How many of the lines below include the word "share"? Only the number should be given.

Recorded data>
<<<<
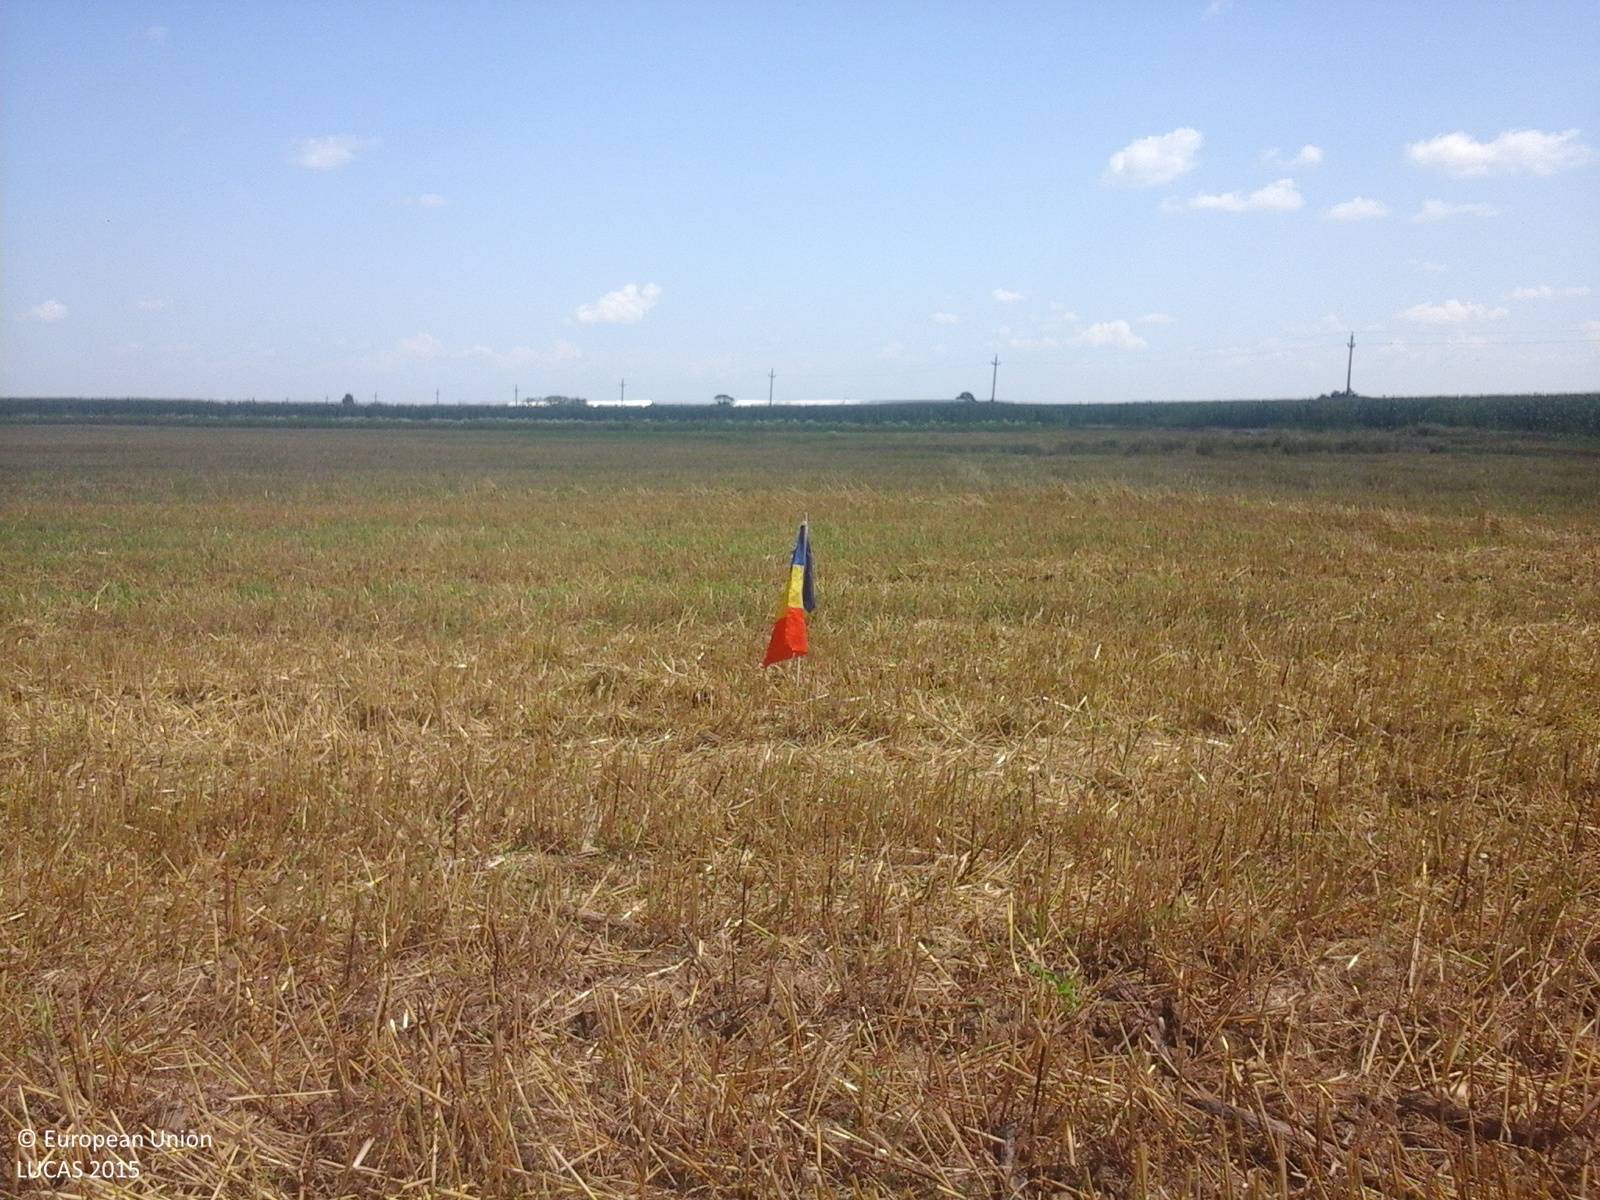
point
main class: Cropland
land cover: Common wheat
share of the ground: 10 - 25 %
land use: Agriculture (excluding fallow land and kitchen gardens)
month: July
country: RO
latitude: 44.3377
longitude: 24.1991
>>>>
<<<<
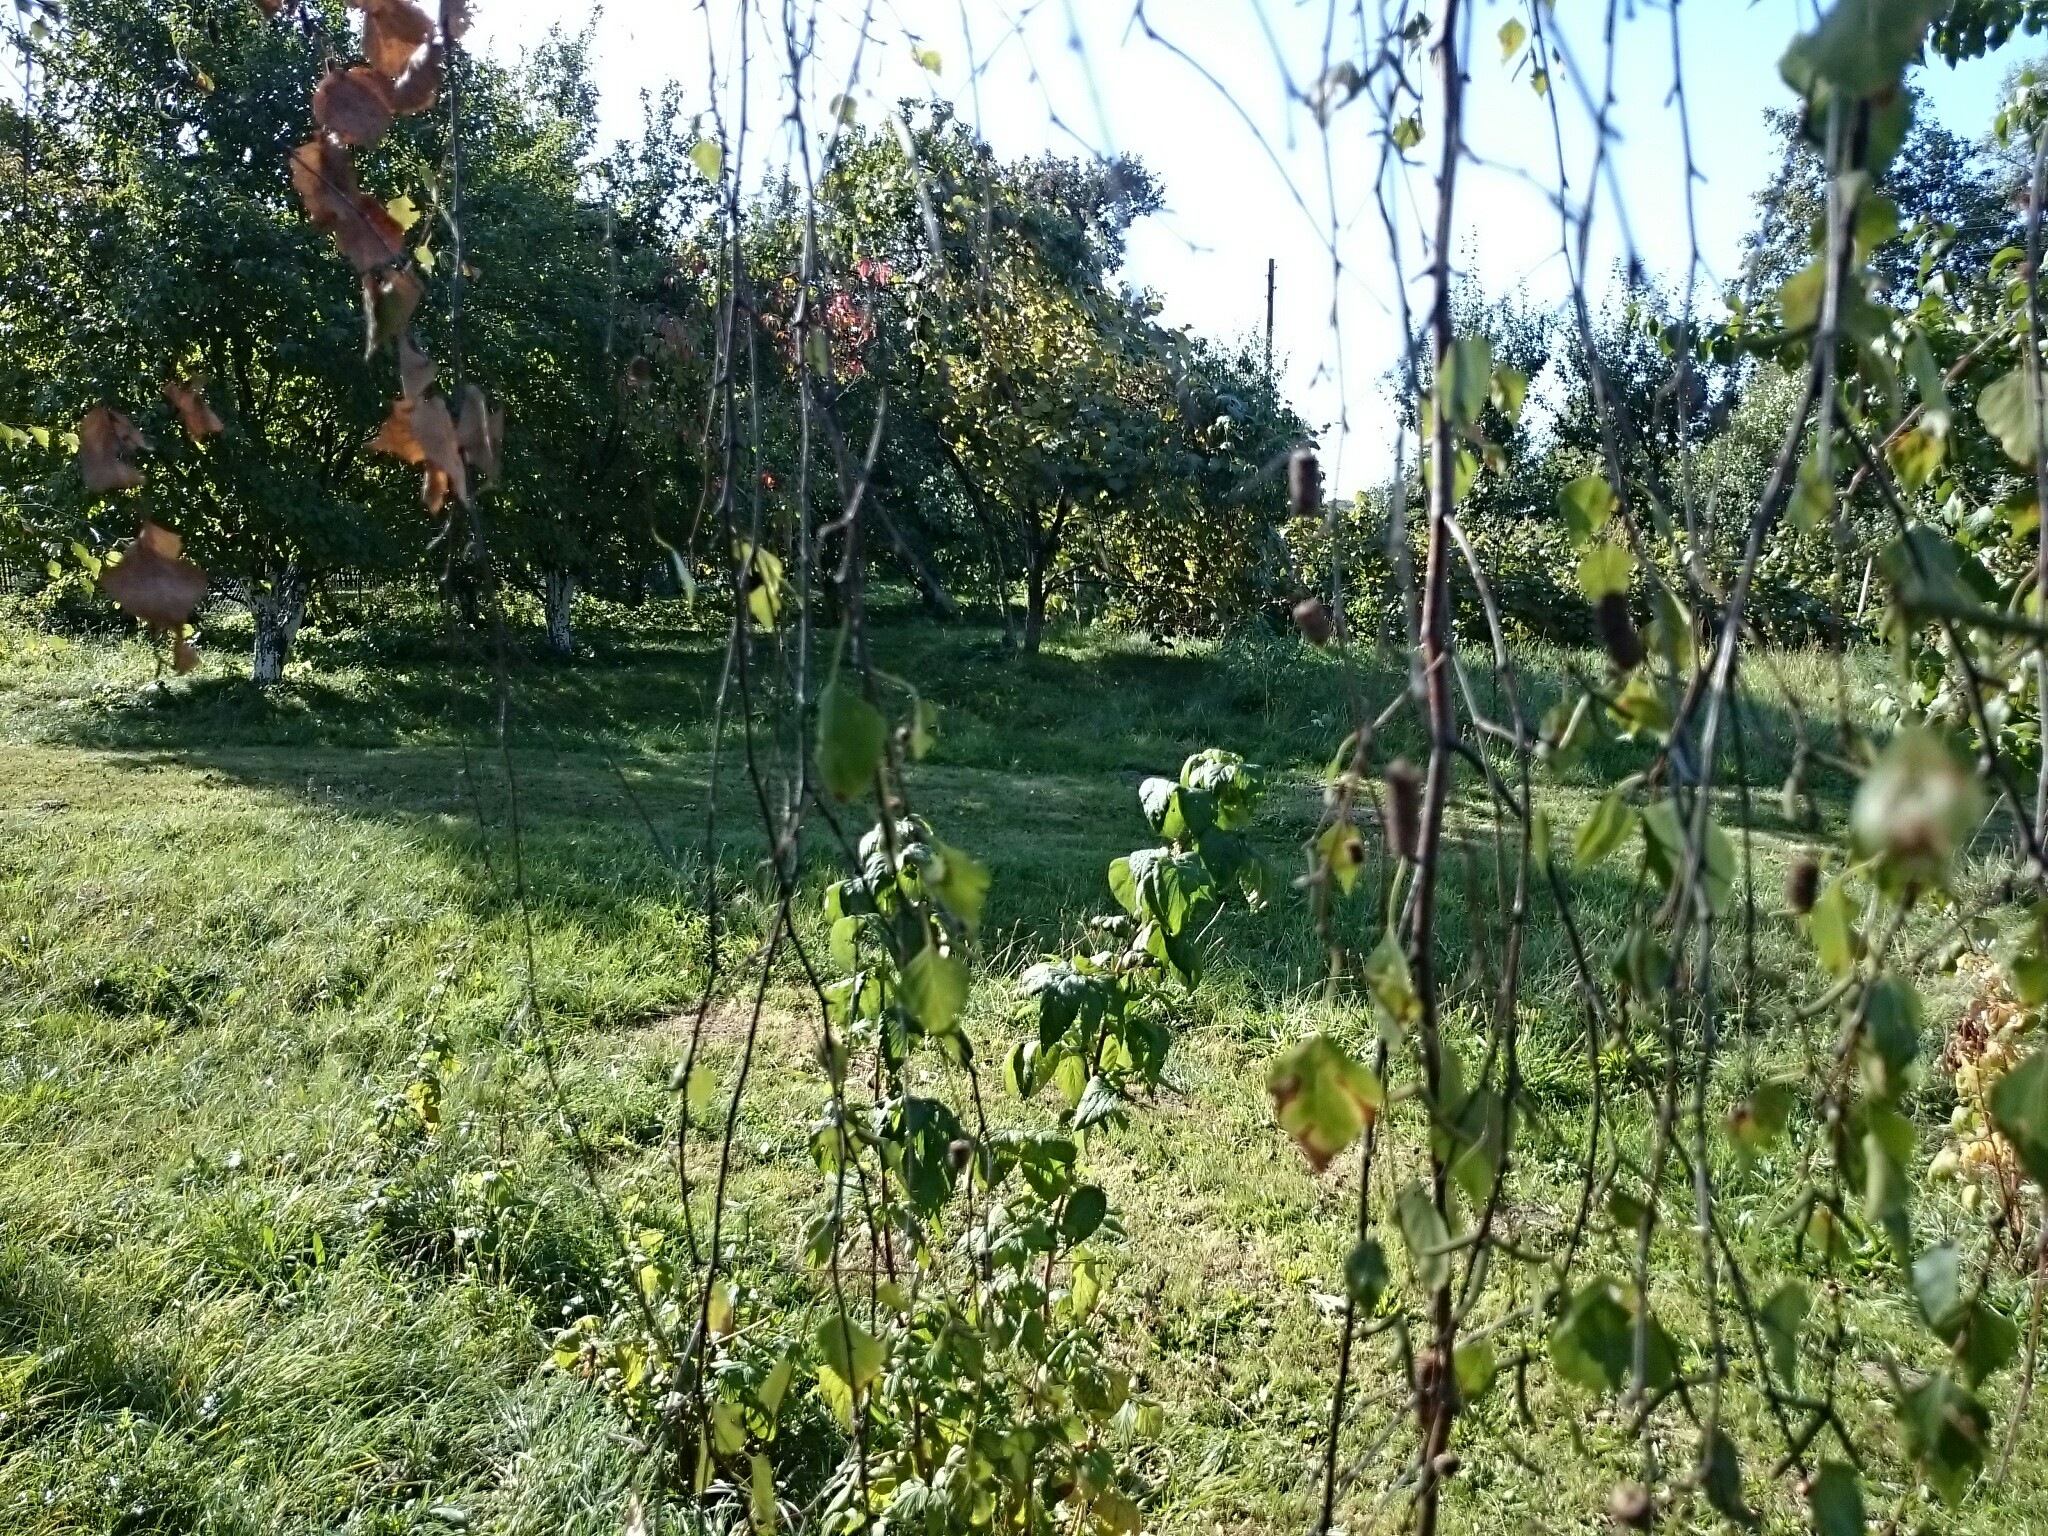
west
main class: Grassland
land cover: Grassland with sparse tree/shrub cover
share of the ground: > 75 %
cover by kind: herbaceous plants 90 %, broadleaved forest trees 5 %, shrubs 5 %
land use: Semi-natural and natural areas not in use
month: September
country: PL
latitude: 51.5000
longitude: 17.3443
>>>>
Task result> 2